Clinical studies revealed Susvimo to be as effective in preventing vision loss from wet AMD as monthly ranibizumab eye injections, helping maintain existing visual acuity while helping preserve it further. Patients receiving Susvimo every six months saw similar gains to those receiving monthly Lucentis injections.

Effectiveness of this implant lies in its ability to halt progression by suppressing vascular endothelial growth factor (VEGF) activity, acting as an adjunctive therapy alongside laser photocoagulation or other treatments, including treatment options for diabetic macular edema (DME). A biobetter version of ranibizumab, Roche’s top selling ophthalmic injection has recently been recalled due to septum dislodgment concerns.

Lucentis

Drugs to prevent macular degeneration work by blocking interactions between Vascular Endothelial Growth Factor (VEGF) and its receptors, and preventing new blood vessels from growing and leakage of fluid into retina. Results have been promising: over 90% of patients showed stabilization or improvement in visual acuity after injection with these drugs; however, both medications are costly and only available with valid prescription. Thankfully, new studies have also demonstrated how diet rich in Lutein and Zeaxanthin may significantly lower risks of macular degeneration.

Lucentis is an intravitreal injection designed to target VEGF-A in the eye. Used to treat wet AMD, two clinical trials revealed monthly injections of Lucentis improved best corrected visual acuity by six months over placebo treatments; additionally it decreased inflammation frequency while remaining safe and well tolerated by users.

Lucentis may cause side effects like eye pain and floaters; these should generally subside within a few days. Most people require three injections every four weeks in order to experience its full benefit; it improves central detailed vision so it becomes easier to read books, watch television programs, recognize faces and recognize new people.

Ranibizumab (Lucentis) has been approved by the Food and Drug Administration (FDA) to treat macular edema associated with wet age-related macular degeneration and myopic choroidal neovascularization, offering effective and safe therapy with low rates of adverse events for both eye and systemic use.
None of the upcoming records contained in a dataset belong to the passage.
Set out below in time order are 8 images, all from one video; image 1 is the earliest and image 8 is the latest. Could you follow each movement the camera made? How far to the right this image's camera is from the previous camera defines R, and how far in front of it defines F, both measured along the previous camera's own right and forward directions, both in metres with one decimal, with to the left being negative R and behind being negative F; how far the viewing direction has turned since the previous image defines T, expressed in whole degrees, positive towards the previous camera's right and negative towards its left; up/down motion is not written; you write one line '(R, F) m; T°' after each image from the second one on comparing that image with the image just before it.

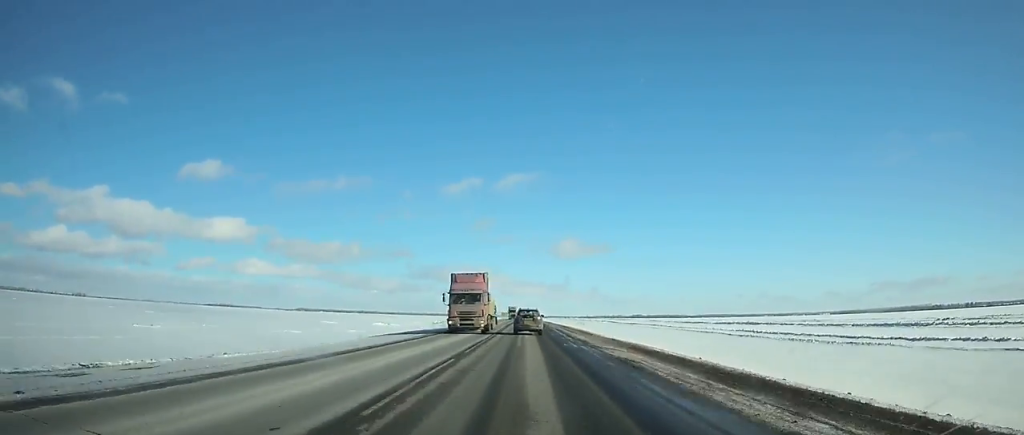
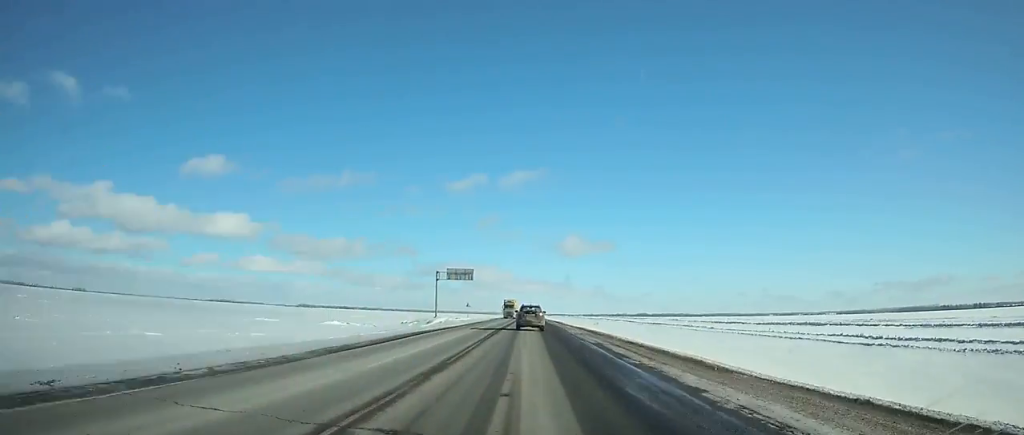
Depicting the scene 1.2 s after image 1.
(0.0, +29.1) m; 0°
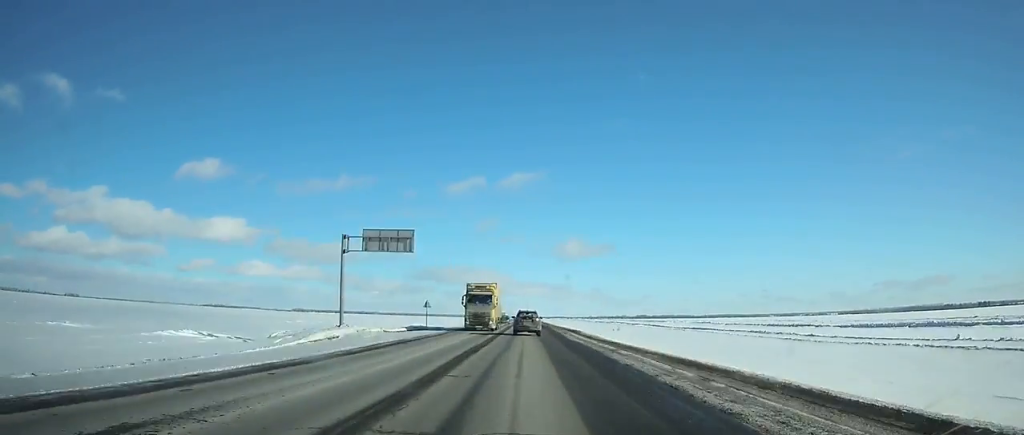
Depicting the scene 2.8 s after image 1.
(+0.1, +39.3) m; 0°
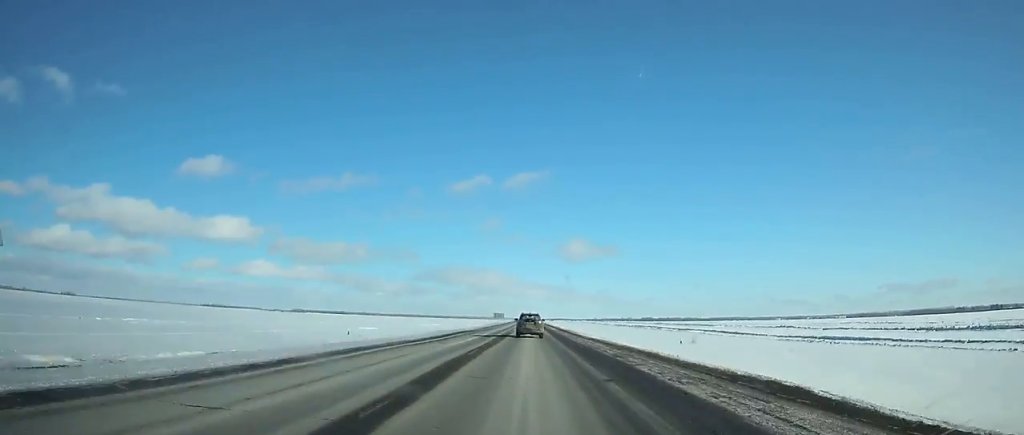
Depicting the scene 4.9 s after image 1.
(0.0, +52.2) m; 0°
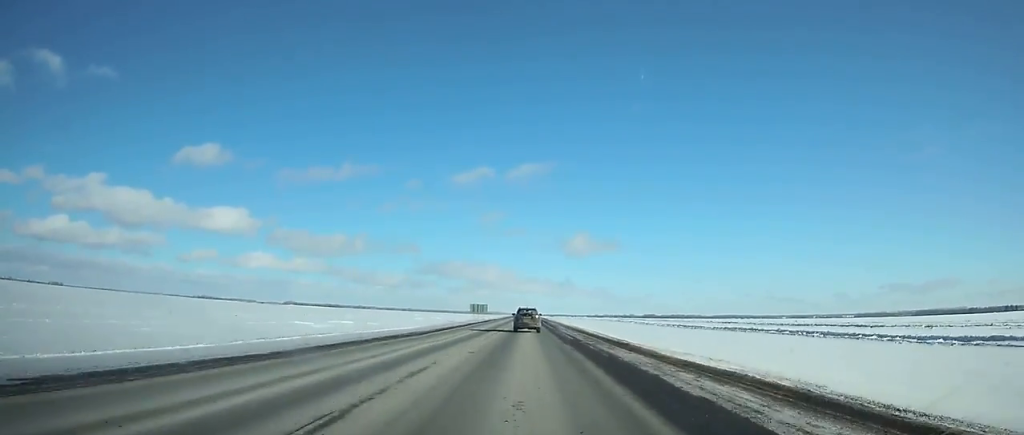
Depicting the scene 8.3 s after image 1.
(-0.2, +86.0) m; 0°
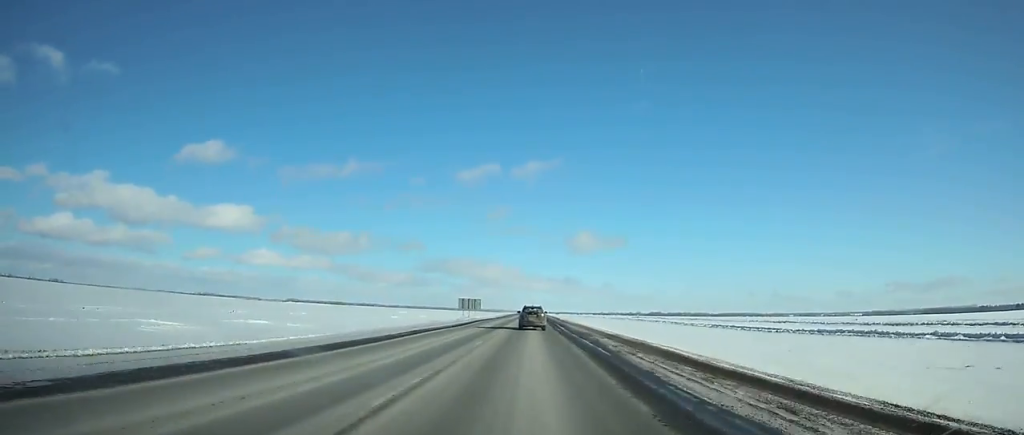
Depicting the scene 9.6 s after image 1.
(-0.1, +33.2) m; 0°
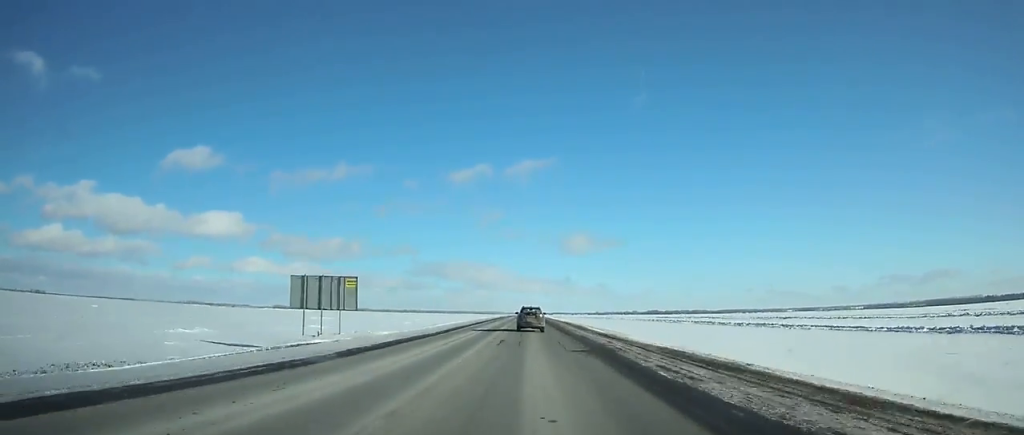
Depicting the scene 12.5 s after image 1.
(+0.1, +74.8) m; 0°
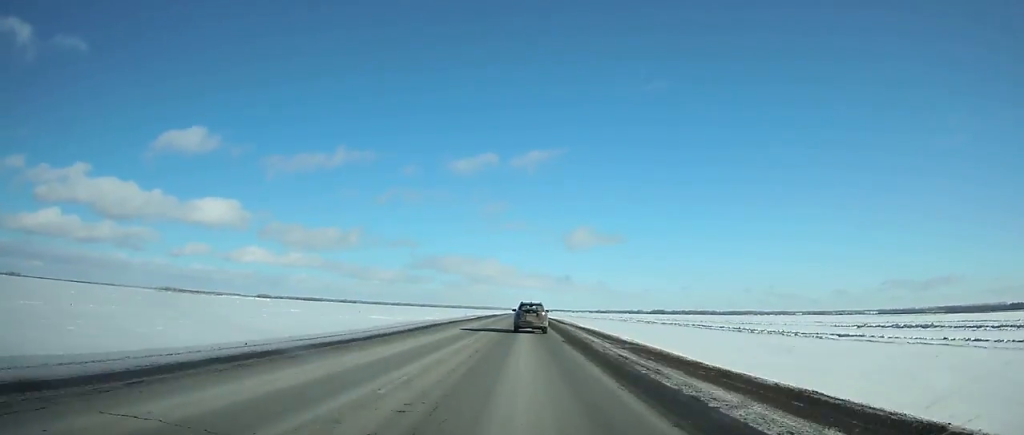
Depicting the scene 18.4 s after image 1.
(0.0, +153.0) m; 0°

Furthermore, bevacizumab (Avastin) can be cost-effective for predominantly classic neovascular age-related macular disease in the US while combined with photodynamic therapy (PDT), it can even treat occult or minimally classic cases of AMD.

Avastin

Researchers estimate that Avastin could save the vision of thousands of people with wet age-related macular degeneration (AMD), according to their findings. Avastin has become an inexpensive alternative to Lucentis as an anti-VEGF medication approved for treating AMD; physicians have used Avastin off-label to treat AMD for several years without FDA approval; new trial results demonstrate it to be equally effective and significantly cheaper.

This study included 131 patients with wet macular degeneration who were randomly allocated either Avastin or standard care treatment, and after one year 32% of those receiving Avastin experienced improved vision compared to only 3% who received standard care treatment. Researchers from Moorfields Eye Hospital in London, England have noted that these results are encouraging and suggest Avastin may be beneficial in countries with limited healthcare budgets.

Avastin injections are given intravitreally, taking only 15-20 seconds. First, your eyes are numbed with pain-relieving drops before the device to keep your eyelids open is used during injection. Following completion, antibiotic eye drops will be provided; some patients may experience redness or sensation of floating after this procedure; these side effects usually subside within days.